### What to work on
Would you please return the data below verbatim, without its pictures?

Recorded data
┏━━
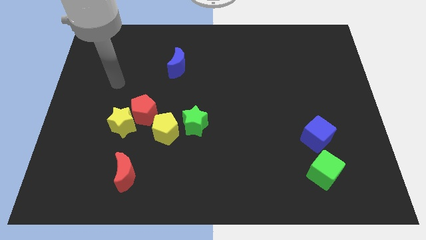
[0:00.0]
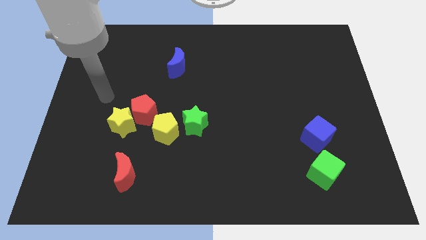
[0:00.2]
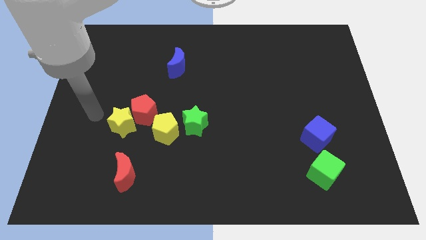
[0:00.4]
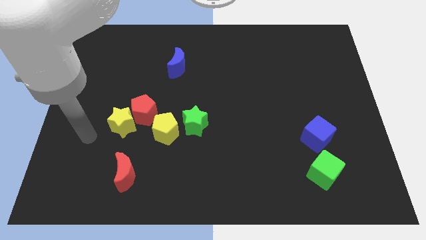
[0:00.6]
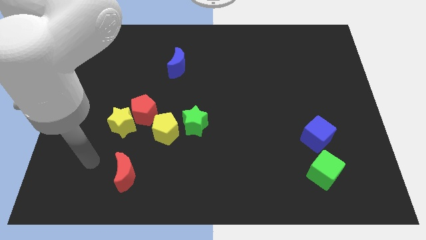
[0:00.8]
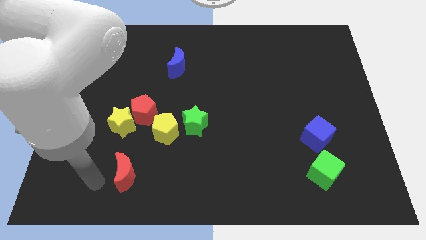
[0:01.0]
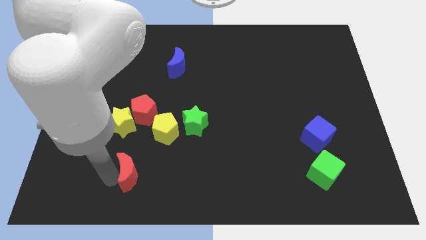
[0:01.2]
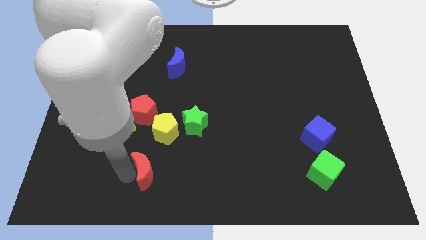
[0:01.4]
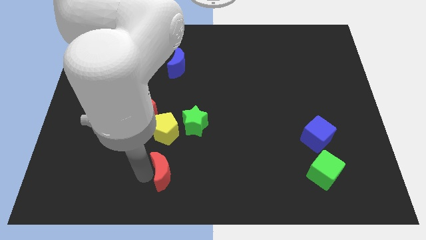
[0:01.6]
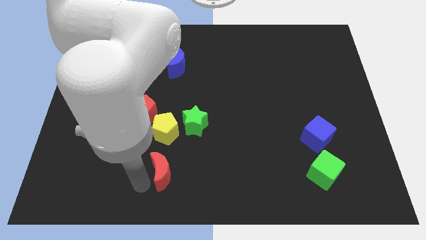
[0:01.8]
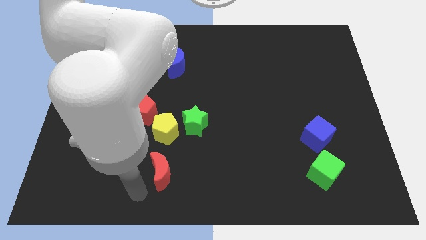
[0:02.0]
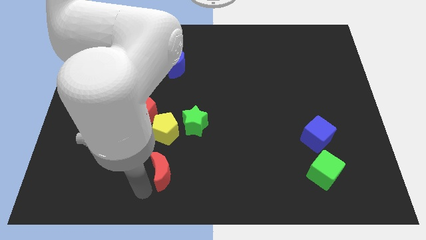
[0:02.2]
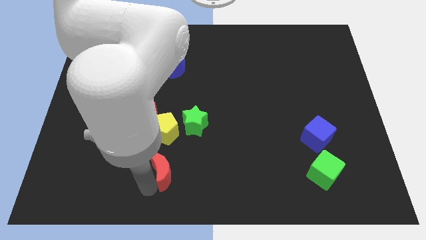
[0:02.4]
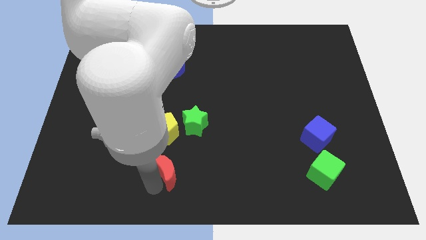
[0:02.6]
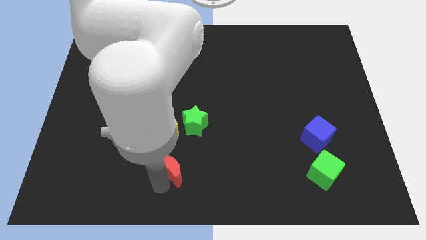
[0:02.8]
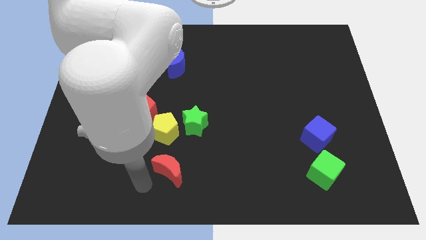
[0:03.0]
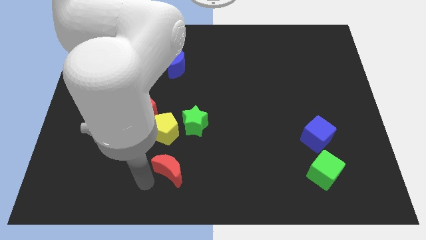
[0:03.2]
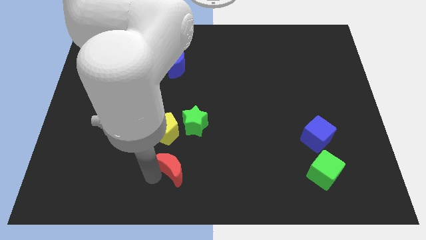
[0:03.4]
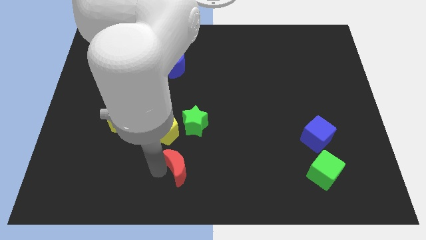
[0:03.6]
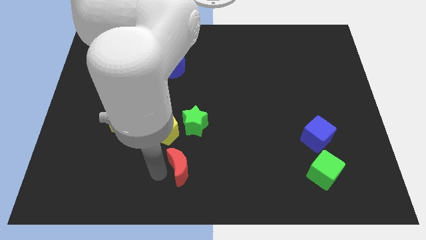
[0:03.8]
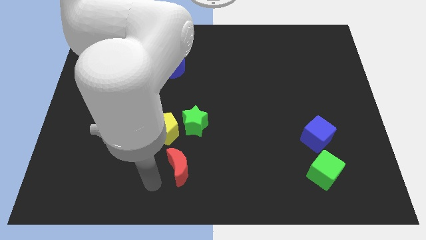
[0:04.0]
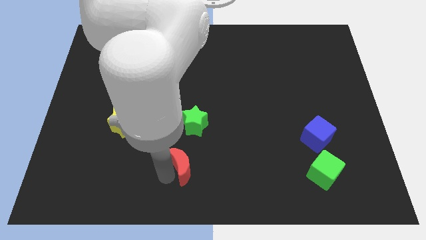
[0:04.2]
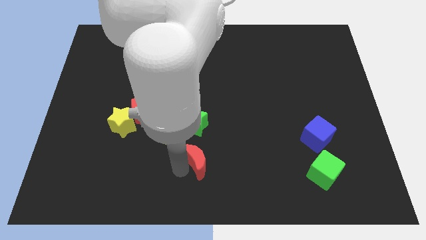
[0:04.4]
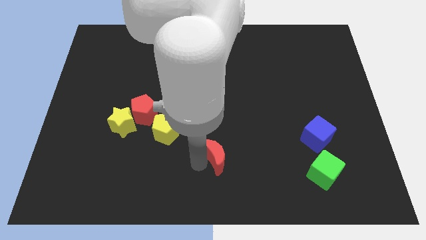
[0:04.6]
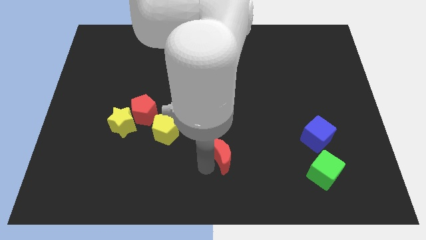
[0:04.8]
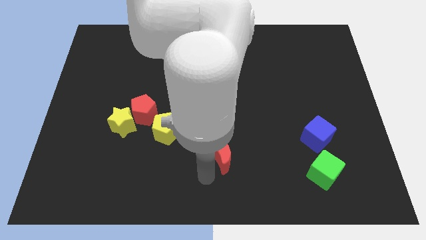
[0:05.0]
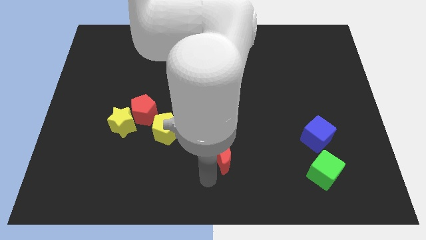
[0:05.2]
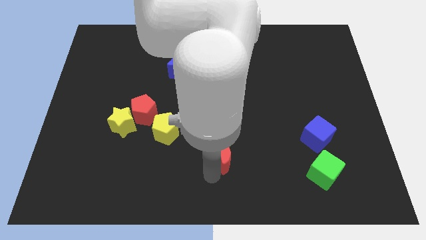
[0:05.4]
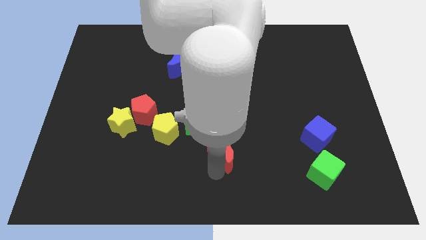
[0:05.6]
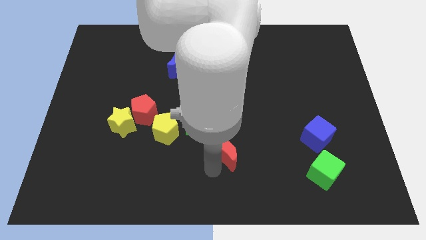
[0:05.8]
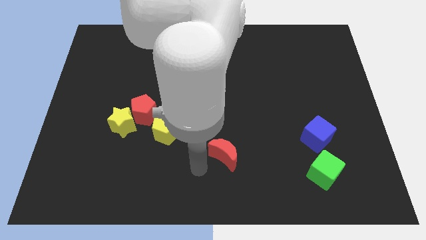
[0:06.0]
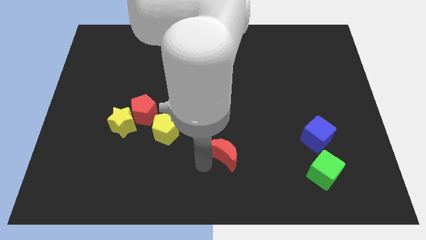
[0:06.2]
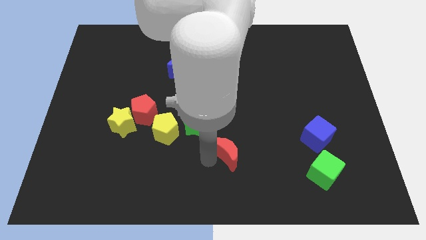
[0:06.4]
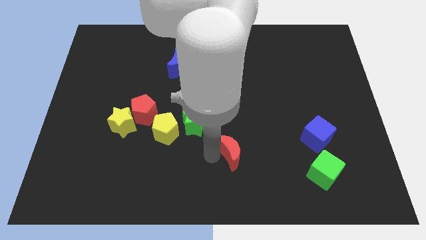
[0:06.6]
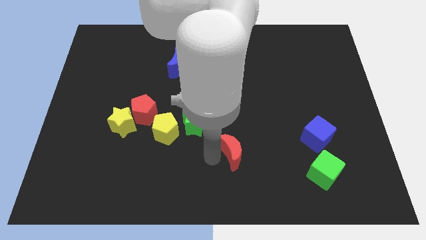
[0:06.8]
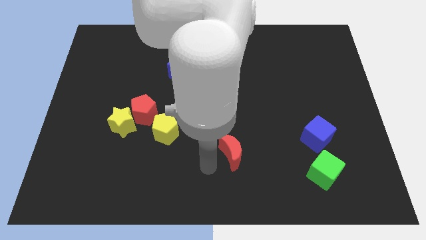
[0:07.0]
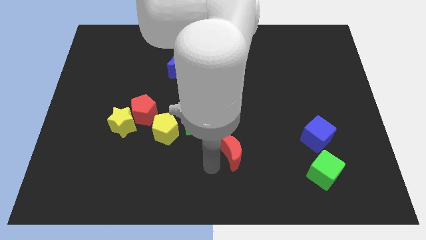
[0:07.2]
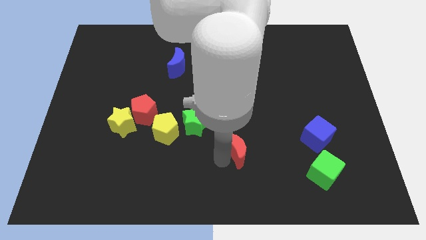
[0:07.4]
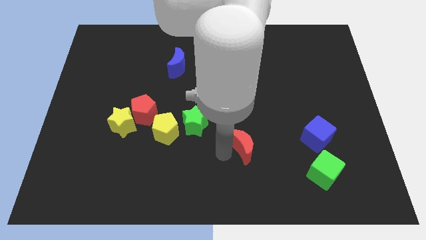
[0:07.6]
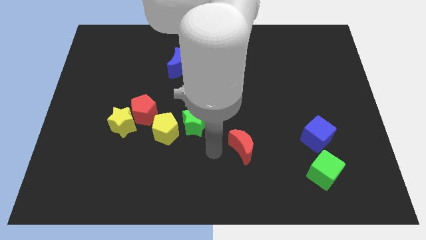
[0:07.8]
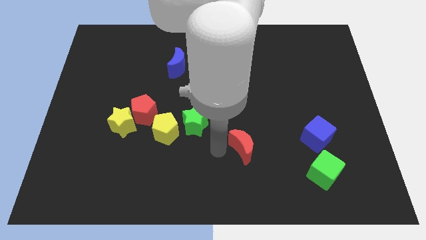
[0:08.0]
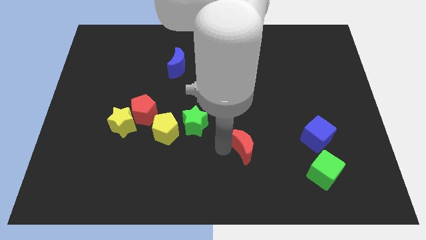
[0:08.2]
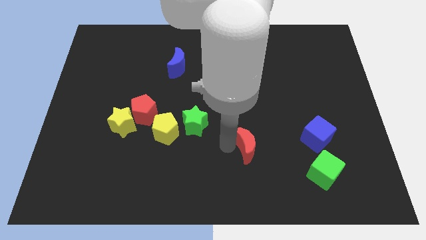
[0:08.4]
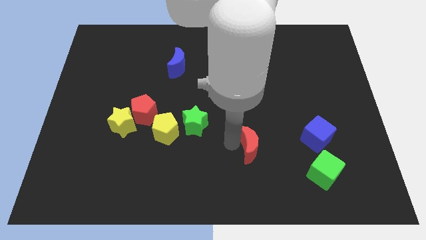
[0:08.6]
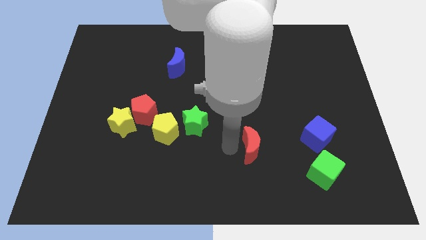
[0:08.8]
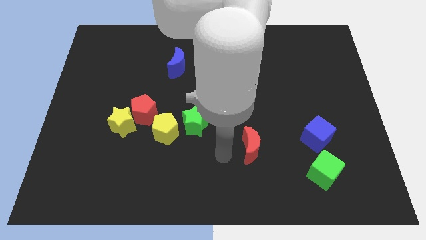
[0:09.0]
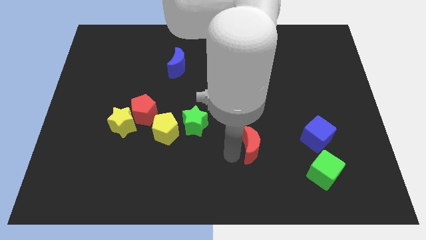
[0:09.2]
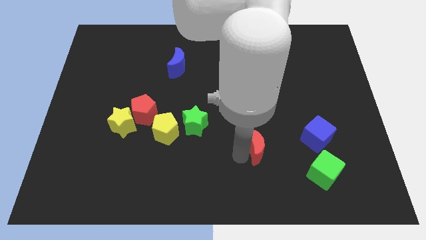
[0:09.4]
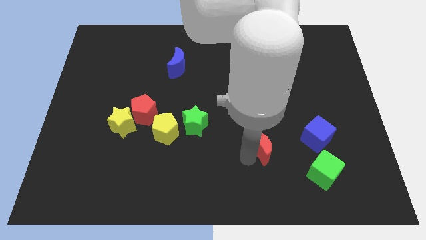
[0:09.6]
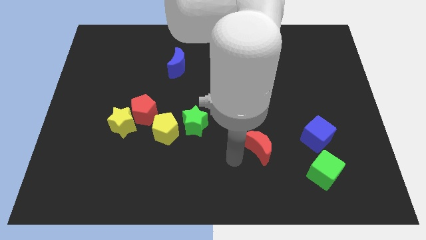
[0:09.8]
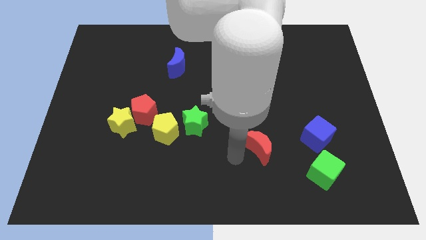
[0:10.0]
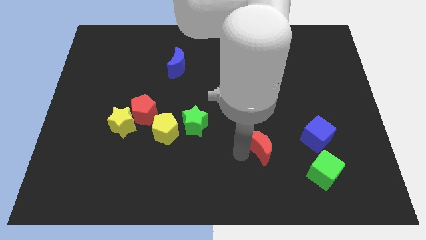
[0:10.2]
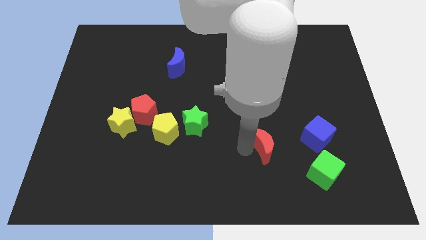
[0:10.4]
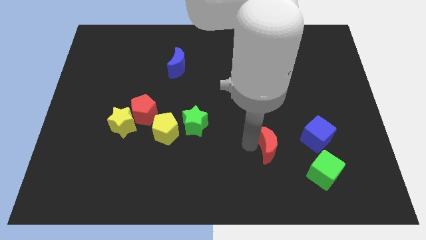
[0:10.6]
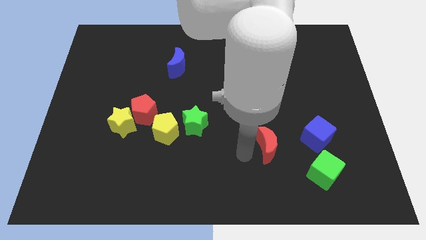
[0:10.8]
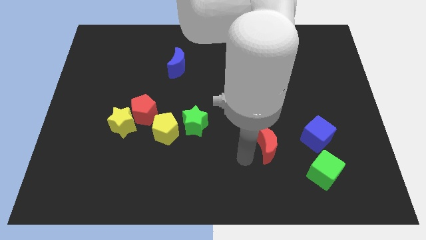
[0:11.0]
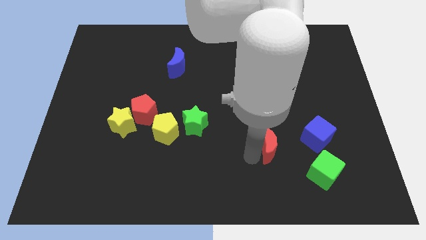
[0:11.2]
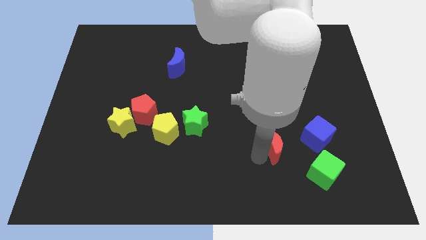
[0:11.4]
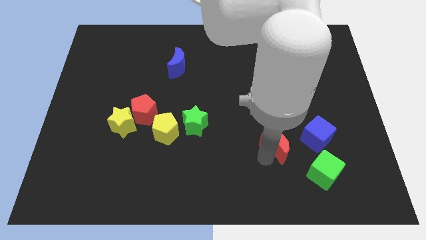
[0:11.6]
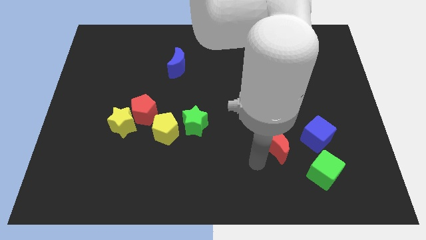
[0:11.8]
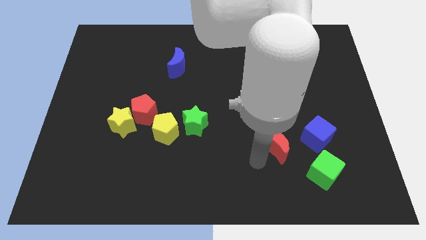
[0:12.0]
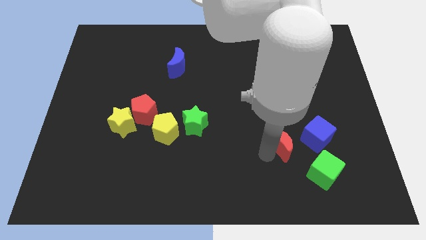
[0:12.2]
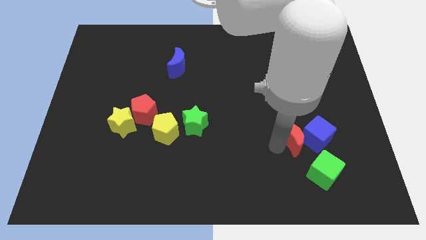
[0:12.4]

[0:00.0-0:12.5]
slide the red moon towards the blue cube
┗━━
### Problem solution
[0:00.0]
[0:00.2]
[0:00.4]
[0:00.6]
[0:00.8]
[0:01.0]
[0:01.2]
[0:01.4]
[0:01.6]
[0:01.8]
[0:02.0]
[0:02.2]
[0:02.4]
[0:02.6]
[0:02.8]
[0:03.0]
[0:03.2]
[0:03.4]
[0:03.6]
[0:03.8]
[0:04.0]
[0:04.2]
[0:04.4]
[0:04.6]
[0:04.8]
[0:05.0]
[0:05.2]
[0:05.4]
[0:05.6]
[0:05.8]
[0:06.0]
[0:06.2]
[0:06.4]
[0:06.6]
[0:06.8]
[0:07.0]
[0:07.2]
[0:07.4]
[0:07.6]
[0:07.8]
[0:08.0]
[0:08.2]
[0:08.4]
[0:08.6]
[0:08.8]
[0:09.0]
[0:09.2]
[0:09.4]
[0:09.6]
[0:09.8]
[0:10.0]
[0:10.2]
[0:10.4]
[0:10.6]
[0:10.8]
[0:11.0]
[0:11.2]
[0:11.4]
[0:11.6]
[0:11.8]
[0:12.0]
[0:12.2]
[0:12.4]

[0:00.0-0:12.5]
slide the red moon towards the blue cube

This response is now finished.